GLUT1-DS is caused by mutations in the SLC2A1 gene, which encodes the glucose transporter in the blood-brain barrier, GLUT1. SLC2A1 consists of 10 exons, extending over 35 kb of genomic sequence. About 81-89% of all SLC2A1 mutations are point mutations; 11-14% of all patients have genomic deletions. SLC2A1 mutations are loss of function mutations, which contain both frameshift as well as missense mutations with residual activity of the protein; in severe cases, however, an SLC2A1 allele may be entirely absent. There is a genotype-phenotype correlation. Missense mutations lead to a mild to moderate phenotype; nonsense, splice and frameshift mutations as well as intragenic deletions are described to cause a moderate or severe phenotype. Entire gene deletions result in a particularly severe clinical course. Apart from GLUT1-DS, alterations in SLC2A1 are also detected in 10% of all patients with childhood absence epilepsies (early onset absence epilepsy, EOAE).

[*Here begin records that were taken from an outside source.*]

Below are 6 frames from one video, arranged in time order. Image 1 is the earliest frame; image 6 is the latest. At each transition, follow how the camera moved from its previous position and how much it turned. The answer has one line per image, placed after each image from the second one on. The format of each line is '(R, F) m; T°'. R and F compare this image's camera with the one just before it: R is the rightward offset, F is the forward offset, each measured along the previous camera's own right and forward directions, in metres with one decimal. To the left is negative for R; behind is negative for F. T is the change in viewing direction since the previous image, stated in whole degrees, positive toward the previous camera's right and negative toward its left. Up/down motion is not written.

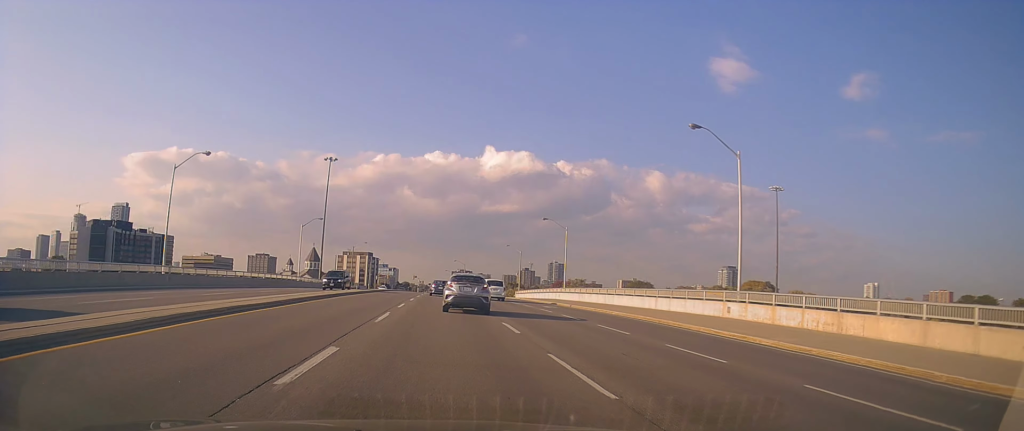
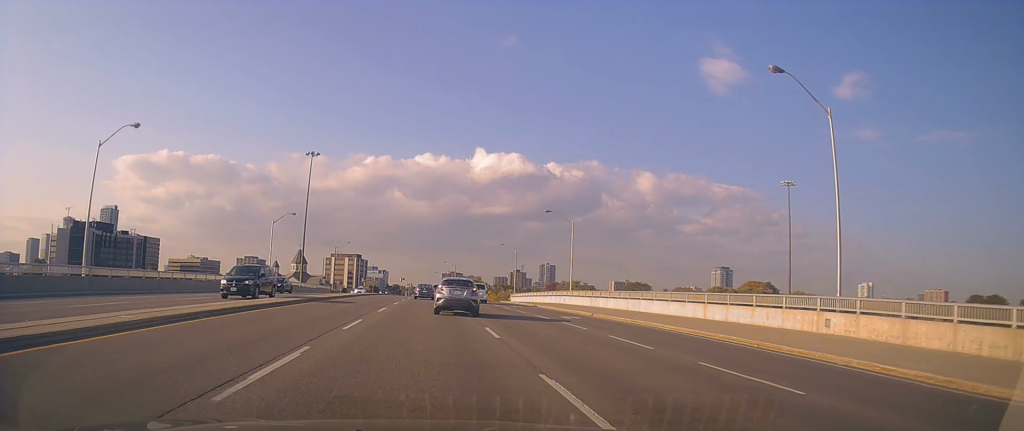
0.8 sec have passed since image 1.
(0.0, +9.9) m; 0°
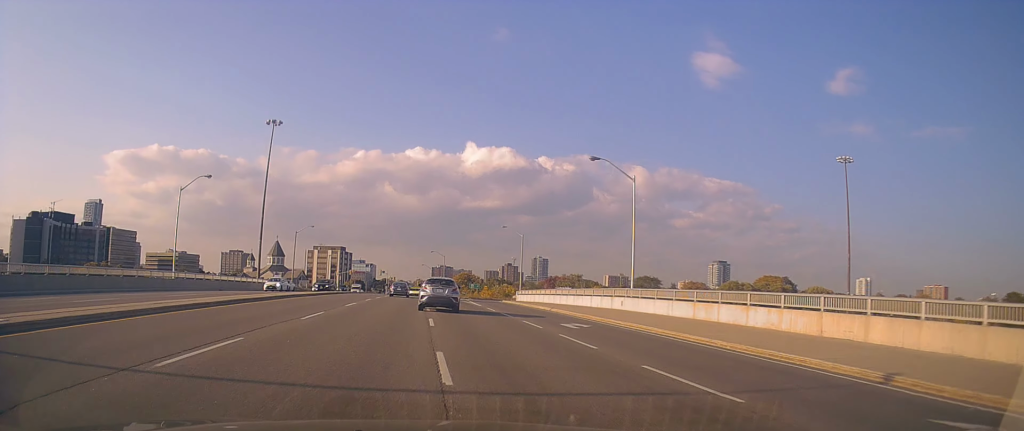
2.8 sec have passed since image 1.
(-0.1, +25.2) m; +1°
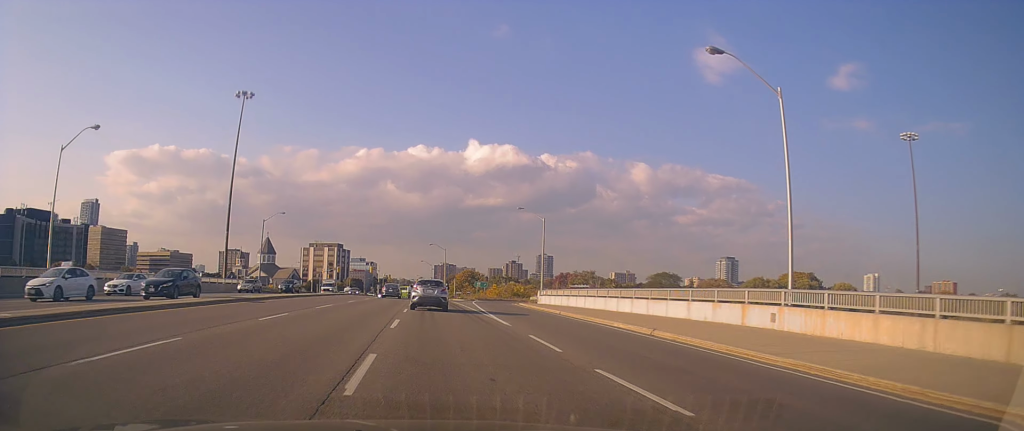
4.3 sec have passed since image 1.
(+0.2, +19.3) m; -2°
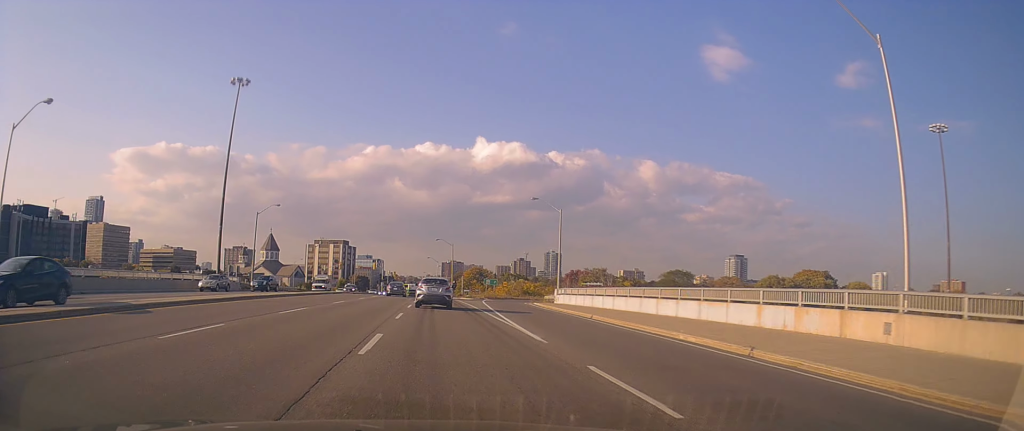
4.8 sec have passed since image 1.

GLUT1 (solute carrier family 2, facilitated glucose transporter member 1) is an integral membrane protein of 492 amino acids, which enables the only possibility of transport of glucose through the blood-brain barrier via a pore region. SLC2A1 mutations result in hypoglycorrhachia. A ketogenic diet can avoid the metabolic pathway of glucose and provides ketones as an alternative source of energy.

The diagnosis can be established neurologically by detecting hypoglycorrhachia (decreased glucose concentration in the liquor (< 60 mg/dl in all cases described; < 40 mg/dl in > 90% of all cases; 41-52 mg/dl in ~10% of all cases)) with normal blood glucose levels after four hours of fasting. Since lactate can be used as an alternative source of energy as well, lower lactate concentrations can be detected in the liquor of some patients.